Hot metal trapped from the hearth 2 of blast furnace 1 falls as a stream 4 into main trough 3, which is broad, deep, relatively short and slopes slightly downwards from an iron notch to terminate in a slag skimmer or pocket 5, to remove slag from the metal. The slag is carried away from pocket 5 by runner 9, while the hot metal proceeds down through 8 which has a smaller cross-section than main trough 3. A quantity of addition agent is fed from bin 6 via conveyance device 7 into main trough 3 as close as possible to stream 4. In this way the mixing effect caused by the fall of the hot metal into the trough ensures excellent distribution. The addition agent at this stage is desulphurizing. The products of reaction are absorbed in the slag and are thus stripped from the hot metal in pocket 5 and removed via runner 9. The silicon reduction agent in bin 10 is fed into trough 8 via feeding device 11 which should preferably be pneumatic to favour good mixing with the hot metal. The reaction produces new slag which is separated in pocket 12 and eliminated via runner 13. The hot metal than proceeds down through 14 and falls as a stream 16 into a swivel device 15 whence it falls as stream 19 into torpedo car 20. The phosphorus reduction agent contained in bin 17 is fed by device 18 into stream 19.
In the trials performed, one of the iron notches of a blast furnace producing 9400 t HM/day was equipped as indicated in the sketch. It should be observed that the hot metal is tapped more or less continuously from the blast furnace used in the trials, so there were no great variations in composition during tapping operations from a single iron notch.
In practice, the composition of the hot metal is determined at the start of the tapping and, consequently, the amount of addition agents needed is established.

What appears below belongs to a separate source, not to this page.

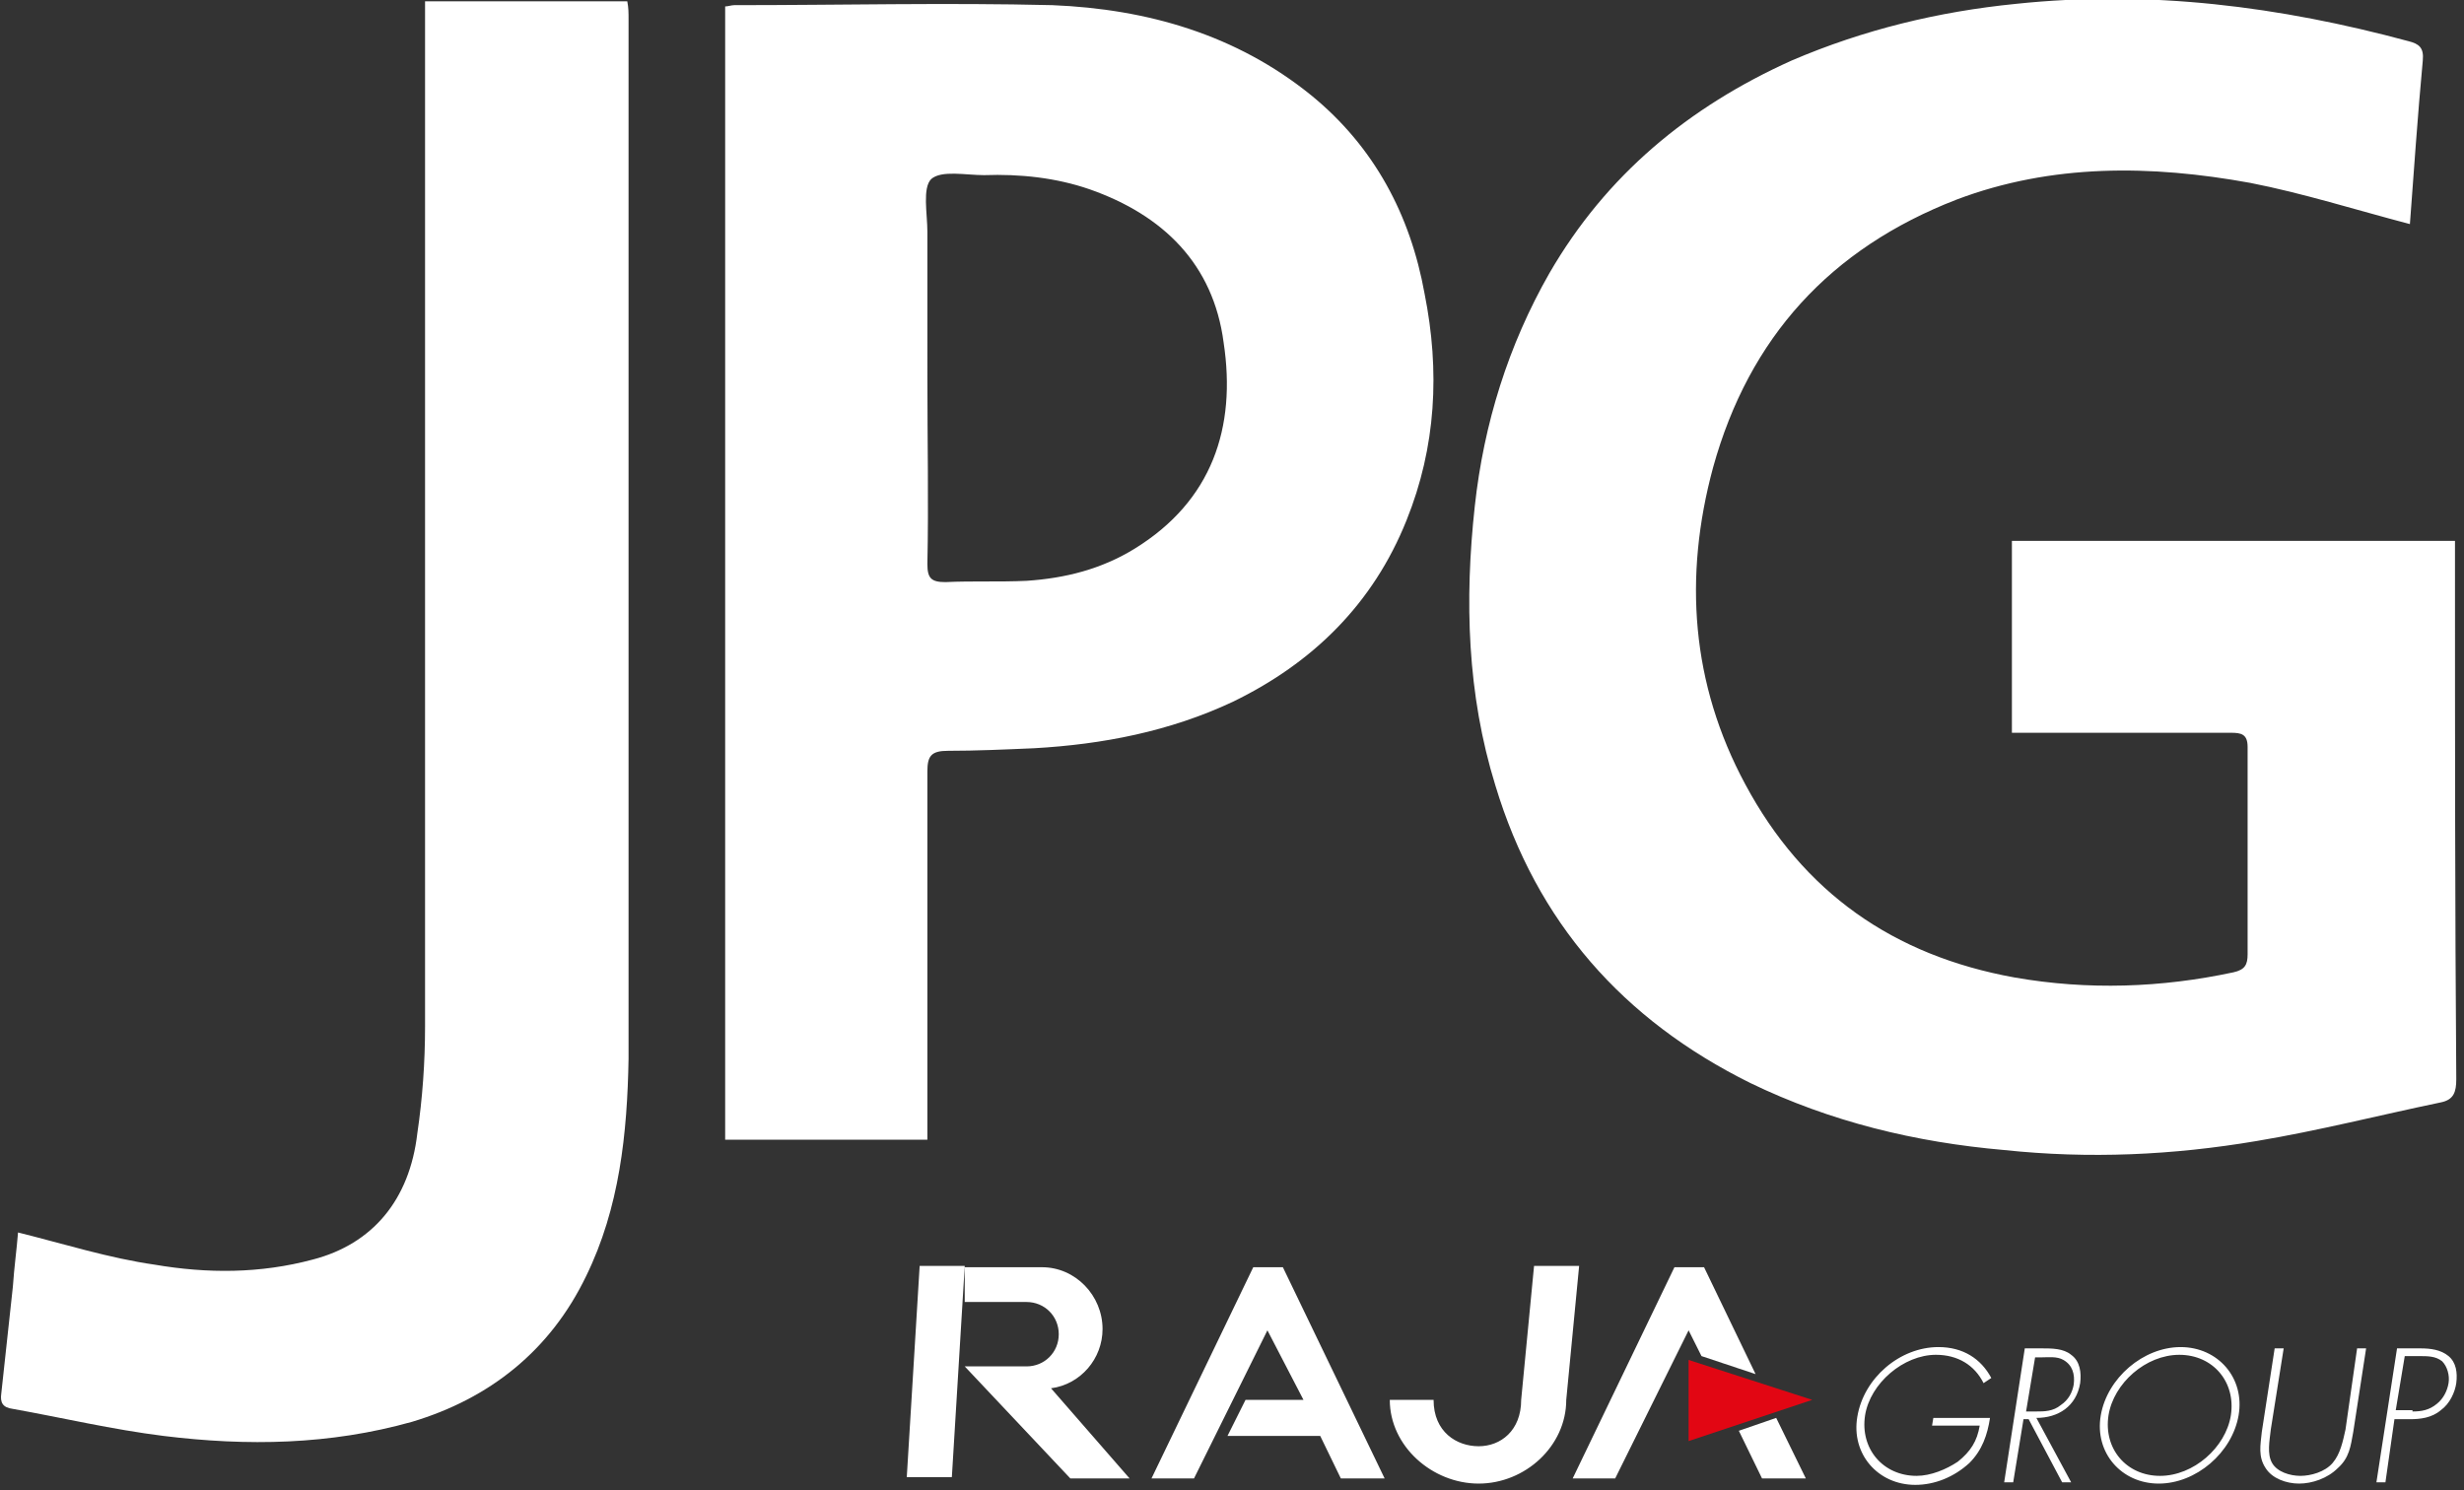 <svg version="1.1" id="Calque_1" xmlns="http://www.w3.org/2000/svg" x="0" y="0" viewBox="0 0 191.3 115.7" xml:space="preserve"><rect x="0" y="0" width="191.3" height="115.7" fill="#333333" stroke="none"/><style>.st0{fill:#fff}</style><path class="st0" d="M45.5 99.1c2.6-5.3 3.2-11.1 3.3-16.9V1.5c0-.5 0-.9-.1-1.4H33v79.6c0 2.8-.2 5.6-.6 8.3-.6 5.2-3.5 8.6-8.1 9.8-4.1 1.1-8.2 1.1-12.3.4-3.5-.5-7-1.6-10.6-2.5-.1 1.3-.3 2.7-.4 4.2-.3 2.8-.6 5.5-.9 8.3-.1.7.1 1.1.9 1.2 3.9.7 7.7 1.6 11.7 2.1 6.5.8 12.9.7 19.3-1.1 6-1.8 10.7-5.5 13.5-11.3m42.6-56.5c-2.6 1.6-5.4 2.3-8.4 2.5-2.1.1-4.2 0-6.3.1-1.1 0-1.4-.3-1.4-1.4.1-4.8 0-9.6 0-14.4V18c0-1.4-.4-3.4.3-4.1.8-.7 2.7-.3 4.1-.3 2.8-.1 5.6.2 8.2 1.1 5.7 2 9.6 5.8 10.4 11.9 1 6.6-.9 12.3-6.9 16m21.1-2.2c2.3-5.7 2.6-11.6 1.4-17.6-1.1-6.1-3.9-11.4-8.8-15.4C96 2.7 89.1.7 81.7.4 73.5.2 65.3.4 57 .4c-.2 0-.5.1-.7.1v88H72V59.9c0-1.2.3-1.6 1.6-1.6 2.2 0 4.4-.1 6.7-.2 5.3-.3 10.5-1.3 15.4-3.6 6.2-3 10.9-7.6 13.5-14.1m81.4 3.3V42h-34.4v14.9h17c.8 0 1.3.1 1.3 1.1v16.1c0 .8-.2 1.2-1.1 1.4-5.6 1.2-11.3 1.4-17 .4-9.4-1.7-16.4-6.6-20.9-15-4.2-7.8-4.8-16.1-2.5-24.6 2.8-10.1 9.1-17 18.9-20.8 7.4-2.8 15.1-2.7 22.8-1.3 4.1.8 8.2 2.1 12.4 3.2.3-4 .6-8.4 1-12.7.1-1-.3-1.3-1.1-1.5-10-2.7-20.1-4-30.5-2.9-6 .6-11.8 2-17.4 4.4-8 3.6-14.4 8.9-18.8 16.5-3.2 5.6-5.1 11.7-5.8 18.1-.8 7.3-.6 14.6 1.6 21.7 3.2 10.6 9.9 18.2 19.8 23.1 6.2 3 12.8 4.6 19.7 5.2 6.6.7 13.1.4 19.6-.7 4.8-.8 9.5-2 14.3-3 1-.2 1.2-.8 1.2-1.8-.1-13.2-.1-26.7-.1-40.1M135 111.1l1.8 3.7h3.4l-2.3-4.7zm-5-12.7l-7.9 16.4h3.3l5.7-11.5 1 2 4.2 1.4-4-8.3z"/><path fill="#e20613" d="M131.1 111.9l9.6-3.2-9.6-3.1z"/><path class="st0" d="M71.4 98.3h3.5l-1 16.4h-3.5zm3.5 2.8h4.8c1.4 0 2.5 1.1 2.5 2.5s-1.1 2.5-2.5 2.5h-4.8l8.2 8.7h4.6l-6.1-7c2.3-.3 4-2.3 4-4.6 0-2.6-2.1-4.8-4.7-4.8h-6v2.7zm20.4 10.4h7.2l1.6 3.3h3.4l-7.9-16.4h-2.3l-7.9 16.4h3.3l5.7-11.5 2.8 5.4h-4.5zm12.6-2.8c0 3.6 3.3 6.5 6.9 6.5s6.8-2.9 6.8-6.5l1-10.4h-3.5l-1 10.4c0 2.4-1.6 3.6-3.3 3.6-1.7 0-3.5-1.1-3.5-3.6h-3.4zm46.6 1.4c-.2 1.3-.6 2.5-1.6 3.5-1.2 1.1-2.7 1.7-4.2 1.7-2.9 0-5-2.4-4.5-5.3.5-3 3.3-5.4 6.3-5.4 1.9 0 3.3.9 4.1 2.4l-.6.4c-.7-1.4-2-2.2-3.7-2.2-2.5 0-5.1 2.2-5.5 4.7-.4 2.6 1.4 4.7 4 4.7 1.1 0 2.3-.5 3.2-1.1 1-.8 1.5-1.6 1.7-2.8H150l.1-.6h4.4zm6.3 5h-.7l-2.6-4.9h-.4l-.8 4.9h-.7l1.6-10.4h1.3c.8 0 1.7 0 2.3.5.7.5.8 1.4.7 2.2-.3 1.8-1.7 2.7-3.4 2.7l2.7 5zm-2.7-5.5c.6 0 1.3 0 1.9-.5.6-.4.9-1 1-1.6.1-.8-.1-1.5-.8-1.9-.5-.3-1.2-.2-1.8-.2h-.4l-.7 4.2h.8zm15.7.3c-.5 2.9-3.3 5.3-6.2 5.3-2.9 0-5-2.4-4.5-5.3s3.3-5.3 6.2-5.3c2.9 0 5 2.4 4.5 5.3m-10.1 0c-.4 2.6 1.4 4.7 4 4.7s5.1-2.2 5.5-4.7c.4-2.6-1.4-4.7-4-4.7s-5.1 2.2-5.5 4.7m19.3-5.2h.7l-1 6.5c-.2 1.1-.3 2-1.2 2.8-.8.8-2 1.2-3 1.2s-2.1-.4-2.6-1.2c-.6-.9-.4-1.8-.3-2.8l1-6.5h.7l-1 6.3c-.1.9-.3 1.9.1 2.6.4.7 1.4 1 2.2 1 .8 0 1.9-.3 2.5-1s.8-1.7 1-2.6l.9-6.3zm2.2 10.4h-.7l1.6-10.4h1.8c.8 0 1.6.1 2.2.6s.7 1.3.6 2.1c-.1.7-.5 1.6-1.2 2.1-.7.6-1.6.7-2.4.7h-1.2l-.7 4.9zm2.1-5.5c.7 0 1.3-.1 1.9-.6.5-.4.8-1 .9-1.6s-.1-1.3-.5-1.7c-.5-.4-1.1-.4-1.8-.4h-1.1l-.7 4.2h1.3v.1z"/></svg>

In one of the trials the hot metal impurities, expressed as percentage by weight, were as follows: S between 0.021 and 0.027, Si between 0.46 and 0.20, and P between 0.075 and 0.065. The following tables indicate the average reductions in impurities attained with different quantities of addition agents.
TABLE 1
______________________________________
Amount of sulphur reduction agent
(kg/t HM)
4.5 5.5 10
______________________________________
ΔS
0.017 0.020 0.023
______________________________________
TABLE 2
______________________________________
Amount of silicon reduction agent
(kg/t HM)
14 24 44
______________________________________
ΔSi
0.11 0.14 0.18
______________________________________
TABLE 3
______________________________________
Amount of phosphorus reduction agent
(kg/t HM)
35 45 55 65
______________________________________
ΔP
0.028 0.033 0.045 0.053
______________________________________
In detail, hot metal containing the following impurities, expressed as percentage by weight--S, 0.027, Si, 0.23 and P, 0.068--was treated with 5 kg sulphur reduction agent, 24 kg silicon reduction agent and 55 kg phosphorus reduction agent per ton of hot metal. The final contents were S, 0.008, Si, 0.05 and P, 0.026, again expressed as percentage by weight.
At the entrance to the steel shop the phosphorus content of the hot metal had further decreased to 0.023%. The yield of the addition agents, expressed as (initial percentage of element-final percentage of element) (kg agent/t hot metal) ranged between 2×10-3 and 5×10-3 for sulphur, between 1×10-2 and 5×10-3 for silicon and between 1×10-3 and 8×10-4 for phosphorus.
It is evident that the method and materials used are extremely simple and efficient, with costs much lower than before. In particular, the materials employed, which are of course known for such uses, are very economical and readily available in a steel-works; for instance, the iron oxides can consist of mill scale, red converter fumes or similar waste or salvaged materials.